The Mental Health Benefits of Running

The Mental Health Benefits of Running

We all know that running is great for our physical health, but it also has some brilliant mental health benefits too. A study published by the Institute of Psychiatry, Psychology and Neuroscience at King’s College in 2018 looked at 260,000 people from around the world. The study found that the most active participants were around 15% less likely to develop depression than the least active. Moreover, when people carried out 150 minutes of moderate to vigorous activity a week, the risk of depression was reduced in the future by around 30%.

Let’s take a look at some more of the benefits.

Mood Boosting

Running has mood boosting effects. When you run your brain pumps out feel-good chemicals, which act as a natural pain reliever, helping you to exercise for longer periods of time.

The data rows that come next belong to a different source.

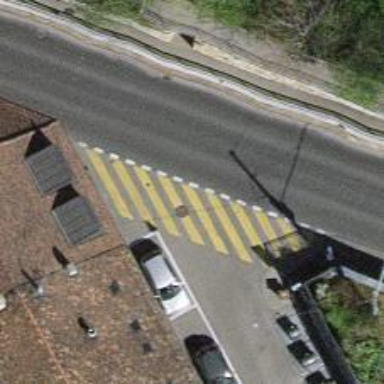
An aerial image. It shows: Marked zebra crossing on the road.
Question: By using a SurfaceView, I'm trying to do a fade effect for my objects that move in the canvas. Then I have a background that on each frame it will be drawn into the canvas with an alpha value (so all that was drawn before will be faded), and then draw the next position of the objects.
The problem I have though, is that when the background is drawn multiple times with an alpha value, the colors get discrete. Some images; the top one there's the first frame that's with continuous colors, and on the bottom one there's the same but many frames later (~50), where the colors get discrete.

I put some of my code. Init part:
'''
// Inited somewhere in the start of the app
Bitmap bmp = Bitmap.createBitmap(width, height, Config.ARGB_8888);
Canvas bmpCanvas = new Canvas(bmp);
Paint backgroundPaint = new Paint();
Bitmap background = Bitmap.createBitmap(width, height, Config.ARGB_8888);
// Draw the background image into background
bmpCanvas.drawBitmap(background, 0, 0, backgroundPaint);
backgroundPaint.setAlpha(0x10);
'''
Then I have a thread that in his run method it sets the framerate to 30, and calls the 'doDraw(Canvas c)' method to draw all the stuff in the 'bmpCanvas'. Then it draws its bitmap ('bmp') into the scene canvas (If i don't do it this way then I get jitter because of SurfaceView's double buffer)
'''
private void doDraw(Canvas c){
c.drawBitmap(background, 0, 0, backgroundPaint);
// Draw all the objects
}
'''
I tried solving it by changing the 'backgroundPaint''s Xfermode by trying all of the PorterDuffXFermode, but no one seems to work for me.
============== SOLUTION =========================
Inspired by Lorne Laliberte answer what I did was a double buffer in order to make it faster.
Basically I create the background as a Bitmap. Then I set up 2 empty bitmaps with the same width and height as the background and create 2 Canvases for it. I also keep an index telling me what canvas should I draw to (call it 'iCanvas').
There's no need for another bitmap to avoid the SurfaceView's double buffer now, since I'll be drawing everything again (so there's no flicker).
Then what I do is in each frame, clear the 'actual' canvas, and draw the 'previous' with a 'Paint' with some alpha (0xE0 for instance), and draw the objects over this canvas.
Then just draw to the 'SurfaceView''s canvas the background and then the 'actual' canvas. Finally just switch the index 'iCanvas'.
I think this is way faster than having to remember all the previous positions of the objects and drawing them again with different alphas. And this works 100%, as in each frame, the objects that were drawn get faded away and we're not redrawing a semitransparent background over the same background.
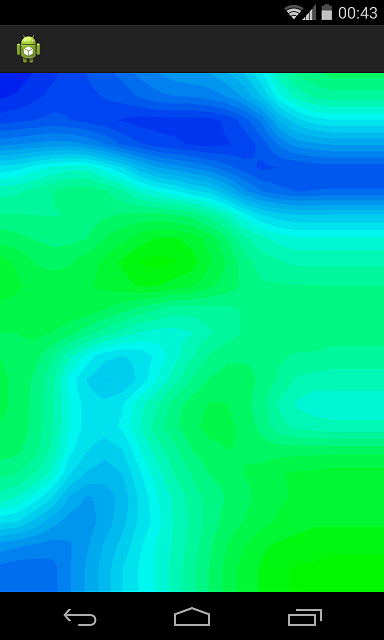
Answer: You're accumulating draws -- redrawing the bitmap on top of the previous canvas, with translucency, will cause the effect you're seeing. If you want it to remain smooth, you need to erase the previous bitmap by painting a solid color, for example you could use this if you're rendering over a transparent canvas:
'''
private void doDraw(Canvas c) {
// fill the canvas with transparency first
c.drawColor(0, PorterDuff.Mode.CLEAR);
c.drawBitmap(background, 0, 0, backgroundPaint);
// Draw all the objects
}
'''
If the canvas is opaque, you just need 'c.drawColor(0);' though.
---
It just occurred to me you might be trying to draw over previously drawn objects in the canvas, to accumulate a translucent bitmap over them in order to "fade" those objects away -- if that's so, then the short answer is I don't think that approach will work without the kinds of artifacts you're seeing. You'll need to take a different approach, for example redraw the scene each frame drawing each visible object with decreasing alpha -- or draw your objects into one buffer, and then copy from that buffer into your canvas each frame before drawing over that ONCE with your translucent background.
(It might also be possible to implement your desired effect as a kind of 'DrawFilter'...)

These feel-good chemicals are endorphins and endocannabinoids. A type of endocannabinoid called anandamide is found at high levels in the blood of people who have recently completed a run, and research suggests that anandamide may trigger runner’s high, releasing short term positive effects such as reducing anxiety, a feeling of euphoria and calming feelings.

Improved Sleep

Moderate aerobic exercise increases the amount of slow wave sleep you get. Slow wave sleep is deep sleep, where the brain and body have a chance to rejuvenate.

Reduced Stress

Running can help you cope with the stresses of day-to-day life, as it slows the release of stress hormones like cortisol, helping to avoid spikes in anxiety.

Improved Memory

Regular aerobic exercise increases the size of your hippocampus, the area of the brain responsible for memory and learning. Prolonged stress can weaken the synapses between neurons, which has a negative impact on your processing power, however running keeps these connections firing. It has been found that runners brains have better-connected neural pathways than those of sedentary people.

Cognitive Flexibility

A study comparing participants who carried out interval training running against those who led a physically active lifestyle, found that the runners showed the greatest increase in cognitive flexibility. This means the ability to switch between mental tasks quickly and efficiently.

So, if you’re in need of a pick me up, try going for a run. You won’t regret it.